Segment Open
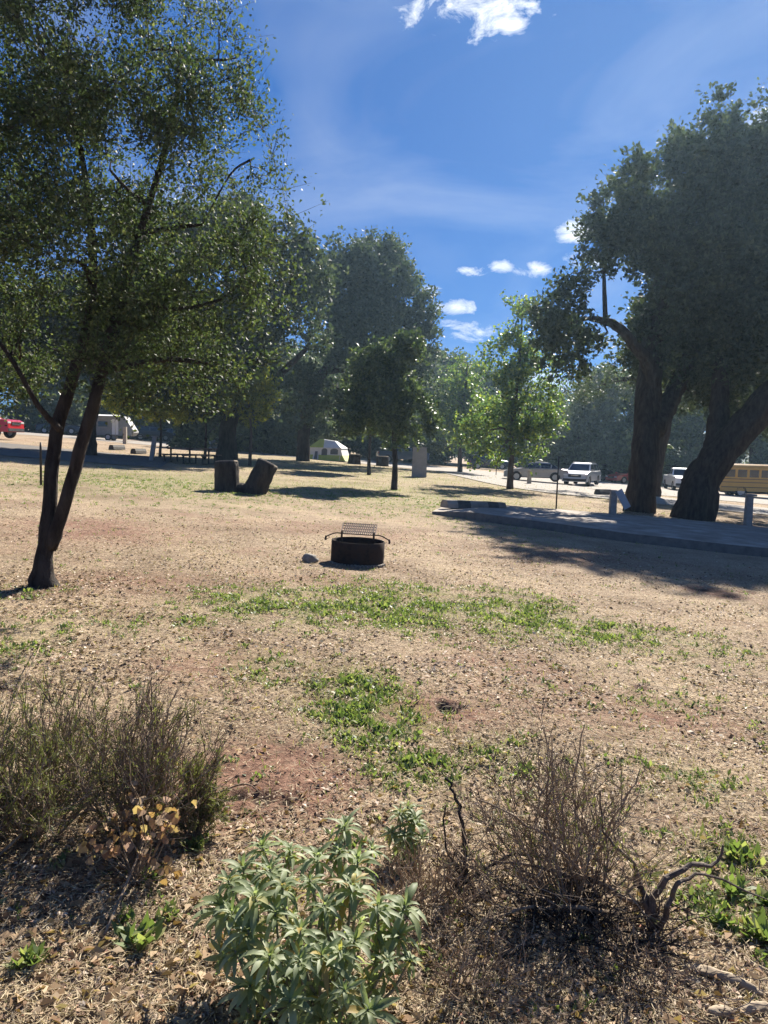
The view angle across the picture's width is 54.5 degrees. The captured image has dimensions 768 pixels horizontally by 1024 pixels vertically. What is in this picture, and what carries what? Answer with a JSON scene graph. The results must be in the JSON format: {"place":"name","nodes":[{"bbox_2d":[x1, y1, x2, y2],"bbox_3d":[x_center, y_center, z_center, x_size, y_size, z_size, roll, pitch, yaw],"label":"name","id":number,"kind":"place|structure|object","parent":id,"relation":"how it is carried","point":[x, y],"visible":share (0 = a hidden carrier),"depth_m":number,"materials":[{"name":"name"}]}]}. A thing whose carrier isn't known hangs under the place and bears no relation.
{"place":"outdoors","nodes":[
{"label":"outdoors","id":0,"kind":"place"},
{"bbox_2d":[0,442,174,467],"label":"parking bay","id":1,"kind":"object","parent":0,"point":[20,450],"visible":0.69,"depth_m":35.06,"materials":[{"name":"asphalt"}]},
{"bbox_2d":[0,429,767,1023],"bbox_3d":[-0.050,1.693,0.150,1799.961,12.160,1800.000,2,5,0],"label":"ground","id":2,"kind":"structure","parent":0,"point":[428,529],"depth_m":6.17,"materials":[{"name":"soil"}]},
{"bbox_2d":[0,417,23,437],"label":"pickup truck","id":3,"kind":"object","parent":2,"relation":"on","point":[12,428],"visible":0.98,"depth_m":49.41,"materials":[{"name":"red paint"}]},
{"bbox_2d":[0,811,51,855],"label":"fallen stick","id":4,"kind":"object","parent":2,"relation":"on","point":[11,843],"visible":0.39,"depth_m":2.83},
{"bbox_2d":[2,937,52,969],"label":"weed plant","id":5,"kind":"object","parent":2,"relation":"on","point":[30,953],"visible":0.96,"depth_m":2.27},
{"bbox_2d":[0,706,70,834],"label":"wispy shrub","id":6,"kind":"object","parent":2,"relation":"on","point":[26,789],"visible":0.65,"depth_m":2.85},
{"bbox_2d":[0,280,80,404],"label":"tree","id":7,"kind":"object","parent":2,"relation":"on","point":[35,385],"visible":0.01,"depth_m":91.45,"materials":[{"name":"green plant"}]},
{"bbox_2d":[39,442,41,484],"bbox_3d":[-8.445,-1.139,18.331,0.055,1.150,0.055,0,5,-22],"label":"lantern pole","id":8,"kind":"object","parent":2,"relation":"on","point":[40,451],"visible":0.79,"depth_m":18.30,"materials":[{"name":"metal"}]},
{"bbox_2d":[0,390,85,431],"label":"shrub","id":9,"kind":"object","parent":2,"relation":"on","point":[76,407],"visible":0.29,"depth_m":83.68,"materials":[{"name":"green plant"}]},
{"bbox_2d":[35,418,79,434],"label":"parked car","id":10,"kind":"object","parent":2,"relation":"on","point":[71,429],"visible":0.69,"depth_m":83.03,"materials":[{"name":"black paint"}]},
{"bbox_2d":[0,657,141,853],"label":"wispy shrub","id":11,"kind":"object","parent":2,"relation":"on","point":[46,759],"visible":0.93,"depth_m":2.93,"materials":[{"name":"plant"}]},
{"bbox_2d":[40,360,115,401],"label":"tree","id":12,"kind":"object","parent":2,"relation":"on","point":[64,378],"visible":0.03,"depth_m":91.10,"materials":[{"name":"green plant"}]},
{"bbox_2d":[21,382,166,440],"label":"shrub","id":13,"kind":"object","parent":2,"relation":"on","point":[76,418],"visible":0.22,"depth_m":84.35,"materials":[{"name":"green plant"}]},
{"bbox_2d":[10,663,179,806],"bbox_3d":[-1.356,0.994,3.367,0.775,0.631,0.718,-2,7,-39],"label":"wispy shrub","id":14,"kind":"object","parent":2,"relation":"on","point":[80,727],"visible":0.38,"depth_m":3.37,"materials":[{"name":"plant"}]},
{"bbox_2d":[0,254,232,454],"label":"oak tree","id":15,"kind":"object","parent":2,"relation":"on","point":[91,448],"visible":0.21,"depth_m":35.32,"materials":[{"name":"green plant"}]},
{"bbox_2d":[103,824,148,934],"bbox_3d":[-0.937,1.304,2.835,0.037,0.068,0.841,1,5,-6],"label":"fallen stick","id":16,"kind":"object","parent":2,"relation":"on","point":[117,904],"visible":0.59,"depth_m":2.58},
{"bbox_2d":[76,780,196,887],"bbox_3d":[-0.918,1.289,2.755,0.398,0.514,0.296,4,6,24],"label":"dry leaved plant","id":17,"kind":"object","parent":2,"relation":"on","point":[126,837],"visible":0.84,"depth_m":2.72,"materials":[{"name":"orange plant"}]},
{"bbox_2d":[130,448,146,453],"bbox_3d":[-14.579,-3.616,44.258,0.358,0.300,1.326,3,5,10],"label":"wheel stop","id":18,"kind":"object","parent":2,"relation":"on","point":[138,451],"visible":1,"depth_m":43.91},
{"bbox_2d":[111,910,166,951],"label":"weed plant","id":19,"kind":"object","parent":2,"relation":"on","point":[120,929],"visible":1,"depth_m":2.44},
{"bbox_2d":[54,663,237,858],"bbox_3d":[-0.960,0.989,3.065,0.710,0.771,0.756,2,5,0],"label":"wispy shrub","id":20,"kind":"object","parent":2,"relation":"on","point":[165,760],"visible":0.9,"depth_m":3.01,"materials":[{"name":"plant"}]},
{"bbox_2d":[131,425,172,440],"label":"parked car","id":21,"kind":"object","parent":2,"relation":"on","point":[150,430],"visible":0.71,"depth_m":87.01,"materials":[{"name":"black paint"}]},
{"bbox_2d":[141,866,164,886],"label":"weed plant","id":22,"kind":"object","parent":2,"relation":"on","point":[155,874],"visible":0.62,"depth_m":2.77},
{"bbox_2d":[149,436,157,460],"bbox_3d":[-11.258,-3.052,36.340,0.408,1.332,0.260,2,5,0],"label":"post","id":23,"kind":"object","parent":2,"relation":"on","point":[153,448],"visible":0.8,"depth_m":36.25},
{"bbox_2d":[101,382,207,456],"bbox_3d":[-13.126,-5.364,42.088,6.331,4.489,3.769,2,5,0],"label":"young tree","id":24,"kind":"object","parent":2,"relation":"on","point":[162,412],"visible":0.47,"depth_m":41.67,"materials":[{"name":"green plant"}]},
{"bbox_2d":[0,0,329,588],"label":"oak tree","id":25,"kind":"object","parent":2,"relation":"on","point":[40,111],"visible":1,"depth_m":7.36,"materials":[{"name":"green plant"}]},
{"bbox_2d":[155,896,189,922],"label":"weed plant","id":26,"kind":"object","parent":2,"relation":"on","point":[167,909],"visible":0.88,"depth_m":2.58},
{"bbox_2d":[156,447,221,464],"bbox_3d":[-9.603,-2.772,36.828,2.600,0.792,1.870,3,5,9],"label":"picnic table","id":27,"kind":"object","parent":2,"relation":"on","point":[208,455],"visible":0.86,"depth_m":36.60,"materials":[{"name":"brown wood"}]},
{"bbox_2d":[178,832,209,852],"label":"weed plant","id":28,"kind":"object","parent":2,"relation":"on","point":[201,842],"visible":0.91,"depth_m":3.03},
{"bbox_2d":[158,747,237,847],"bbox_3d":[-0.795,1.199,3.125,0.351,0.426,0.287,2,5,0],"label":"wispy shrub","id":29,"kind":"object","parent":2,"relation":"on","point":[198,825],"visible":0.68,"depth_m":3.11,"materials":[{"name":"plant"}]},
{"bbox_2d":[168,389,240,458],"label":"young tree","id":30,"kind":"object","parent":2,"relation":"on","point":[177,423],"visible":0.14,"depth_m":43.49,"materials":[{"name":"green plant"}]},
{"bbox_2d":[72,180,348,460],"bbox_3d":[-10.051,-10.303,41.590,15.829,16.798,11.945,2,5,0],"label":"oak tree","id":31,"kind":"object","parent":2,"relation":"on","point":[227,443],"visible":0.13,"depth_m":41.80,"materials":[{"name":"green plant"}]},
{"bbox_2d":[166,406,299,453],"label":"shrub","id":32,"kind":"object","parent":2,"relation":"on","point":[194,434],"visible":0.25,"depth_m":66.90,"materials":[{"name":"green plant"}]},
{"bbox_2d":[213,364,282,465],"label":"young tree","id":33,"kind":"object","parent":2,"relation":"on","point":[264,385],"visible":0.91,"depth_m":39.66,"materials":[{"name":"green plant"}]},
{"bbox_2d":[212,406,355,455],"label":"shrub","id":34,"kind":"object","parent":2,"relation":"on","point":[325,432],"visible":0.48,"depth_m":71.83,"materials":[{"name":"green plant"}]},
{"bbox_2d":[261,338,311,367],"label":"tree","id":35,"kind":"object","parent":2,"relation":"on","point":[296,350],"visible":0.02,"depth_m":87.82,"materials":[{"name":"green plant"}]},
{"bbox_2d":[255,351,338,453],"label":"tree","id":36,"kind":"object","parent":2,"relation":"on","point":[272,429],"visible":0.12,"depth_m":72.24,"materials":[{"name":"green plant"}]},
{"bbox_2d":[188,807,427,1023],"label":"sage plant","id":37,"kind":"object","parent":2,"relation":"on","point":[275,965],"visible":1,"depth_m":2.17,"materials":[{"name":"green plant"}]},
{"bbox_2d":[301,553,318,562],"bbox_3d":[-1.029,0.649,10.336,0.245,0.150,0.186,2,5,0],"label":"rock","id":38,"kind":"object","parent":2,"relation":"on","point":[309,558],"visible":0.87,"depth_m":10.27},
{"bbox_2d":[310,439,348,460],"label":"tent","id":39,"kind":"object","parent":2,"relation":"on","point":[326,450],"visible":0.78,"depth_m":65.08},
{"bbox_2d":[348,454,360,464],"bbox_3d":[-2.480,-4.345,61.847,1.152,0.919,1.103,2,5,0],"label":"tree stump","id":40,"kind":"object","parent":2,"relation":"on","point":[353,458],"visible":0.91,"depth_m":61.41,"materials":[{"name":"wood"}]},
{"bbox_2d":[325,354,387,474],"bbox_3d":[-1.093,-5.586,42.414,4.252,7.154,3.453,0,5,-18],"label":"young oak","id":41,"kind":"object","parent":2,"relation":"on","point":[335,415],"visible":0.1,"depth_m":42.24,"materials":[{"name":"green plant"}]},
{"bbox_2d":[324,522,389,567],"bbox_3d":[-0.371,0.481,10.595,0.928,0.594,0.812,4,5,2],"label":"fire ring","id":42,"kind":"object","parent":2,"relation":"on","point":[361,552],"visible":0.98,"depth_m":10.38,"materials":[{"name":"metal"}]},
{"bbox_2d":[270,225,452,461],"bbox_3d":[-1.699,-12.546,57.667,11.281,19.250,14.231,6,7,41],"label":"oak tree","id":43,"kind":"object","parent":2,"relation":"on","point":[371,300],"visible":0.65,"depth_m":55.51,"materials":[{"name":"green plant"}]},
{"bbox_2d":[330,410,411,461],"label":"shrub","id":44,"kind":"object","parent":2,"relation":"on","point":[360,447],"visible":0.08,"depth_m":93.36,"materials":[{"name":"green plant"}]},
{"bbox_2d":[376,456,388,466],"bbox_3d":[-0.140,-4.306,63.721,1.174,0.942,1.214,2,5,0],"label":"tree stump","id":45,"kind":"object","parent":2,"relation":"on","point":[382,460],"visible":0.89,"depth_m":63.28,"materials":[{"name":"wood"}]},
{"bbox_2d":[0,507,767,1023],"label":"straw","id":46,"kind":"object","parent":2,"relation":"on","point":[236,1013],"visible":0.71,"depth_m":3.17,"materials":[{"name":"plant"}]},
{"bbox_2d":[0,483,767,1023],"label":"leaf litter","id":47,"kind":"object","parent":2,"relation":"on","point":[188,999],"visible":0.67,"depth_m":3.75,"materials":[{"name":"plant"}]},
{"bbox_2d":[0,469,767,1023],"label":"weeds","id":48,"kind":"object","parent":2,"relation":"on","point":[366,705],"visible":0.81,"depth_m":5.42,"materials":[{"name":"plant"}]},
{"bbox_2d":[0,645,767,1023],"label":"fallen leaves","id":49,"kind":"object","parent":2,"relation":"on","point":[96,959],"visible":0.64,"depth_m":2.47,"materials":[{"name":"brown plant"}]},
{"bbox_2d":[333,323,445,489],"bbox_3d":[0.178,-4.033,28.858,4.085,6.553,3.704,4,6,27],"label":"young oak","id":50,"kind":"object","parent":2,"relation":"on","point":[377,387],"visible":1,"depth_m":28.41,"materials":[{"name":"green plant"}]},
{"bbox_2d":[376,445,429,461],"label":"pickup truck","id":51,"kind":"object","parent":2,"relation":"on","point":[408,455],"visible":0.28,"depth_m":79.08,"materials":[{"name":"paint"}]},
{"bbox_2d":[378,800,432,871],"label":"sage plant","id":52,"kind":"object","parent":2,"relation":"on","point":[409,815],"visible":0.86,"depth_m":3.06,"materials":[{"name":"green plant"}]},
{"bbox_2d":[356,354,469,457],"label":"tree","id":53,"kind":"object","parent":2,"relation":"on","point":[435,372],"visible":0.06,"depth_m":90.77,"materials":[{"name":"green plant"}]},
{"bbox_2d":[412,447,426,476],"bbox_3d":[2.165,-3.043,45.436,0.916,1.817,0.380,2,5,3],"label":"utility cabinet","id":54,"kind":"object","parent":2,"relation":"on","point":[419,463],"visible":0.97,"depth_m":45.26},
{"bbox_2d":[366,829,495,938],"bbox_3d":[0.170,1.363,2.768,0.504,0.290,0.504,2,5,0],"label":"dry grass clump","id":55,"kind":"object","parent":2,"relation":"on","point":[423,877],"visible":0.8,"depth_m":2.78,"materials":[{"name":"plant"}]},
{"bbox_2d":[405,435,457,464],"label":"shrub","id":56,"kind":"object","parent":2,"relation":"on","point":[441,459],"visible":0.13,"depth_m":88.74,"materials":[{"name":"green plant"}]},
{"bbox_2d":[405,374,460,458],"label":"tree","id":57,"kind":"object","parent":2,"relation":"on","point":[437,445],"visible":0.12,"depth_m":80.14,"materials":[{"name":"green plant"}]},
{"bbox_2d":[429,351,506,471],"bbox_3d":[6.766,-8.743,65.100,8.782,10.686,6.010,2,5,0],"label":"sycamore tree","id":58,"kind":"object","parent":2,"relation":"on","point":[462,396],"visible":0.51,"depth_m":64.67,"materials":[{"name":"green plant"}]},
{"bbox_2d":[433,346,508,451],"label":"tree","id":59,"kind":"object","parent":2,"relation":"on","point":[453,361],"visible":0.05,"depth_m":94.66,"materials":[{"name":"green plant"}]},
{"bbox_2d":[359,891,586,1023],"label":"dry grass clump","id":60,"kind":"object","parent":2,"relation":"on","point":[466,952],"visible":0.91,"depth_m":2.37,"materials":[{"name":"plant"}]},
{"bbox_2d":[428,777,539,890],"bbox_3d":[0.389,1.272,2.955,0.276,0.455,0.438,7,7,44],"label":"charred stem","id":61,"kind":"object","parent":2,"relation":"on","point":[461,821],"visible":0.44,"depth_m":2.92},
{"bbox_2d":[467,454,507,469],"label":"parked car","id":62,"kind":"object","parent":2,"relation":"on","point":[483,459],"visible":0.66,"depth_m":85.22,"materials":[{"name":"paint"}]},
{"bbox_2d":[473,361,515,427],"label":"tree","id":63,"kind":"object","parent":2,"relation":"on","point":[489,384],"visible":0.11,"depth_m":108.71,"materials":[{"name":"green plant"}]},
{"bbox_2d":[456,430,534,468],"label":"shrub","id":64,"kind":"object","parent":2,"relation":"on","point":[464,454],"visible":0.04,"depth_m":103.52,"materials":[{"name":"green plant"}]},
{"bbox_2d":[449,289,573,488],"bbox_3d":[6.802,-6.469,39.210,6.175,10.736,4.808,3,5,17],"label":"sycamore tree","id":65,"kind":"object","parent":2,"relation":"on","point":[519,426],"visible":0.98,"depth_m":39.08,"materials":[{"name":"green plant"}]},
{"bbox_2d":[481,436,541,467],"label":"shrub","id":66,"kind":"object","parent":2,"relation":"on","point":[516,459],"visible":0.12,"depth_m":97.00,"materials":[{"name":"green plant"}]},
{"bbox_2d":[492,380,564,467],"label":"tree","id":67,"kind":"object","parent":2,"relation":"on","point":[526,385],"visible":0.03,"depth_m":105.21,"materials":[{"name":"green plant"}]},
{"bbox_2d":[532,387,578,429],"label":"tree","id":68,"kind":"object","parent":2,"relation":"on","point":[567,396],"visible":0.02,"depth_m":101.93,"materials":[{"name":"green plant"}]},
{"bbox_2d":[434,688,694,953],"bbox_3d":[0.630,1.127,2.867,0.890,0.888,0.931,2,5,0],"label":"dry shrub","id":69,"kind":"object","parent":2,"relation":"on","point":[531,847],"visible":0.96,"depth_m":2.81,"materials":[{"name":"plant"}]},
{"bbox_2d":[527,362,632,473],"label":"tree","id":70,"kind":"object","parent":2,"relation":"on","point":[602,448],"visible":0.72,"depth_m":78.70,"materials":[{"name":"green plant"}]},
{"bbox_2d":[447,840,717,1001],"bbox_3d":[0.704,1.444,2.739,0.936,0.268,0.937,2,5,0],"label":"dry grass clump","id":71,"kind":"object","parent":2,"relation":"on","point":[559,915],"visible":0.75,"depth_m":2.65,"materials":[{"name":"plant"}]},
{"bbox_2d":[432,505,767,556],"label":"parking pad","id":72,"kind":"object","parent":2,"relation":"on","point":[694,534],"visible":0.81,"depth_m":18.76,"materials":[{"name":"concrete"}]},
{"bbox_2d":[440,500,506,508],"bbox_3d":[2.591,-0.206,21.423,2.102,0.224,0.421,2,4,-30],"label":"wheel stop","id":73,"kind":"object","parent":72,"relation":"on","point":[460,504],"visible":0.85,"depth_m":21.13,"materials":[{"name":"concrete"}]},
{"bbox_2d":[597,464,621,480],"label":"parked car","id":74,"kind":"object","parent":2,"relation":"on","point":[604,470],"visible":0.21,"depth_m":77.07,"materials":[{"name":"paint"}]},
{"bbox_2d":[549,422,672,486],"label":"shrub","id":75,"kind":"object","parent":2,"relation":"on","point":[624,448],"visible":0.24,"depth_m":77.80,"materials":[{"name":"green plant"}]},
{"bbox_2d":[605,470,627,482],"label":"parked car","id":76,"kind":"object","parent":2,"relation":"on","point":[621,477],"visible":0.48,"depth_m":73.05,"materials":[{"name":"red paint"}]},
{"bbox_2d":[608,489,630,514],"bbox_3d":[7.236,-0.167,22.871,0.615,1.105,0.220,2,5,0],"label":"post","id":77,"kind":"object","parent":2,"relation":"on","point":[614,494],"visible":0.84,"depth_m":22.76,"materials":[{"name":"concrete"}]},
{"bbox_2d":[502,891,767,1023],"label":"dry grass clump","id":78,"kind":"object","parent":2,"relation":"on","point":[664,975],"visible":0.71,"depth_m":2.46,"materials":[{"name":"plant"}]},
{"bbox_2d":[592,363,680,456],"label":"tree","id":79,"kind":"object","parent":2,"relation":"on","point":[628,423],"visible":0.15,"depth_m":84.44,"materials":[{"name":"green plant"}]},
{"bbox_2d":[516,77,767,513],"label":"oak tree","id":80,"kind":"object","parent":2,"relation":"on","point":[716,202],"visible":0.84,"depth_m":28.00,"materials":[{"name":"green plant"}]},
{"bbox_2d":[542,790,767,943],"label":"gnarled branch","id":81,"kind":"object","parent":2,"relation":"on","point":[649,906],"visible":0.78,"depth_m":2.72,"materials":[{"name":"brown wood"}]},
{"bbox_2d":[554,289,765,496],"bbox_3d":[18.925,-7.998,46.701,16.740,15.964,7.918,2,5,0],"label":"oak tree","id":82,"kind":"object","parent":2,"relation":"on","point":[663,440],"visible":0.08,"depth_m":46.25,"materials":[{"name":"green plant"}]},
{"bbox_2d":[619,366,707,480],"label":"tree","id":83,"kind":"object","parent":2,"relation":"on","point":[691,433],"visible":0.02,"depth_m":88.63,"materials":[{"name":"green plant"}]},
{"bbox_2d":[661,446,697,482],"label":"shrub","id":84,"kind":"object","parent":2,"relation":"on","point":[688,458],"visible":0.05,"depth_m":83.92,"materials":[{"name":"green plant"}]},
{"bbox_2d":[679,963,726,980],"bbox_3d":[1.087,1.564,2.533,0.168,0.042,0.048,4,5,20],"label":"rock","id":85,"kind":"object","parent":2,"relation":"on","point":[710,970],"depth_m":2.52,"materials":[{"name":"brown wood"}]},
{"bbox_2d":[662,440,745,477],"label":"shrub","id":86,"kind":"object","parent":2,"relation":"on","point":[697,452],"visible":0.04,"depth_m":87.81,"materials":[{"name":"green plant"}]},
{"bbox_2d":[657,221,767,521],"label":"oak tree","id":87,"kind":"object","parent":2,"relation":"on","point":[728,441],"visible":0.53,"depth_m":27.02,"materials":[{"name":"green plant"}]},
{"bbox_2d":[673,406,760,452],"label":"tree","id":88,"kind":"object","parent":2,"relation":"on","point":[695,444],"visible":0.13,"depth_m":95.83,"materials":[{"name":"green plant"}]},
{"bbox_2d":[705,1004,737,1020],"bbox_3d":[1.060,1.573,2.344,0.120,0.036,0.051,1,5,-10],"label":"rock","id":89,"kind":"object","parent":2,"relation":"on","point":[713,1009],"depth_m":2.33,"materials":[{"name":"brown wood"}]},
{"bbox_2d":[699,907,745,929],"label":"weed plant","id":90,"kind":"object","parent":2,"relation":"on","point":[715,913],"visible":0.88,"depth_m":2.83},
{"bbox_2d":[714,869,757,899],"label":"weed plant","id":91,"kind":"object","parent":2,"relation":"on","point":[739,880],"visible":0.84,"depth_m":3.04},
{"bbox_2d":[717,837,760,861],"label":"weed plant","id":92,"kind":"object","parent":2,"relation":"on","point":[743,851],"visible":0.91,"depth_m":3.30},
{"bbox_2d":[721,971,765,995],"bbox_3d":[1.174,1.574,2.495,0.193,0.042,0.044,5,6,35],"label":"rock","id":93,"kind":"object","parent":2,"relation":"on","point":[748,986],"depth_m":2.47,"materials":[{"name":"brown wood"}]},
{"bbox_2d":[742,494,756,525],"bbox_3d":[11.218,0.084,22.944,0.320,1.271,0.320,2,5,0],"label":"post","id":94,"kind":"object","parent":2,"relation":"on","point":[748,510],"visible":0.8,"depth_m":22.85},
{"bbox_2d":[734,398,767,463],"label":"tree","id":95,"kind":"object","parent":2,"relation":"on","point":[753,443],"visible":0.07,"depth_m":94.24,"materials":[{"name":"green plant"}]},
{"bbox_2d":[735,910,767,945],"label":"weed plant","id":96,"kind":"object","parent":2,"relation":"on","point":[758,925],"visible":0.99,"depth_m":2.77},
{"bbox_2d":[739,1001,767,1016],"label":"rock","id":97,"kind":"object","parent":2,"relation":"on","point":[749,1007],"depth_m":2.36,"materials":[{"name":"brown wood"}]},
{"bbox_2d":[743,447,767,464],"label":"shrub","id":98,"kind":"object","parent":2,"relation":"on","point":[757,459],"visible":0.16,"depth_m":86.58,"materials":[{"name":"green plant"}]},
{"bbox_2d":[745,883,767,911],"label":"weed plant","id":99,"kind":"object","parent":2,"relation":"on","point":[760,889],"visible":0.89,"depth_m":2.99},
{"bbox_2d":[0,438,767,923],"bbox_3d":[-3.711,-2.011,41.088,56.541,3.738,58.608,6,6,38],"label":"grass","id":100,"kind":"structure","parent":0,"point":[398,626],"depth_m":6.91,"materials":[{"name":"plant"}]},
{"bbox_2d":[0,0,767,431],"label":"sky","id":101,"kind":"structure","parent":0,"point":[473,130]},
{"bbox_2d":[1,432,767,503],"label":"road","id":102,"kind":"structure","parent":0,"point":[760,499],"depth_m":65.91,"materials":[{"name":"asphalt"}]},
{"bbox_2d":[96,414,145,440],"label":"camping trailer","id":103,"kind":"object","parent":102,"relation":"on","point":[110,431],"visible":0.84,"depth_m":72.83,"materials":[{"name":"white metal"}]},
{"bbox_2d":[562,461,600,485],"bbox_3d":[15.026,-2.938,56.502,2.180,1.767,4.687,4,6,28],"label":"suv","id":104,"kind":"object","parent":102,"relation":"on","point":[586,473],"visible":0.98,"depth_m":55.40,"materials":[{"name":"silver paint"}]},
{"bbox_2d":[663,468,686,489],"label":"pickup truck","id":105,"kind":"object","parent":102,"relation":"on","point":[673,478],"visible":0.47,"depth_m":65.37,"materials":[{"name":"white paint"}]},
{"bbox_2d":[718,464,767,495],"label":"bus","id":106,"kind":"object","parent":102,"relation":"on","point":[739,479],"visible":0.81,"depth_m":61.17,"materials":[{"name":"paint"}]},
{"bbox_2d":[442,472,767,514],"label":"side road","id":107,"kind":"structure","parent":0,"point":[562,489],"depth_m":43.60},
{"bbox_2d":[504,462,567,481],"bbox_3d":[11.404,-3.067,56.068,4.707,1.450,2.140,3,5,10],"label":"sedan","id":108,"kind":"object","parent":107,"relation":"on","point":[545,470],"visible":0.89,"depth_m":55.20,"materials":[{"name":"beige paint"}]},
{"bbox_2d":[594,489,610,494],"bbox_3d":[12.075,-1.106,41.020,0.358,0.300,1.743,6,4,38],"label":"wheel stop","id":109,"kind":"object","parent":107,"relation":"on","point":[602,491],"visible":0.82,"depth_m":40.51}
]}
Segment Closed
• **EXERCISE PROMPT**
Only the lines above that include the word "asphalt" belong in the answer; copy each one.

• **SOLUTION FOR THIS PROBLEM**
{"bbox_2d":[0,442,174,467],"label":"parking bay","id":1,"kind":"object","parent":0,"point":[20,450],"visible":0.69,"depth_m":35.06,"materials":[{"name":"asphalt"}]},
{"bbox_2d":[1,432,767,503],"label":"road","id":102,"kind":"structure","parent":0,"point":[760,499],"depth_m":65.91,"materials":[{"name":"asphalt"}]},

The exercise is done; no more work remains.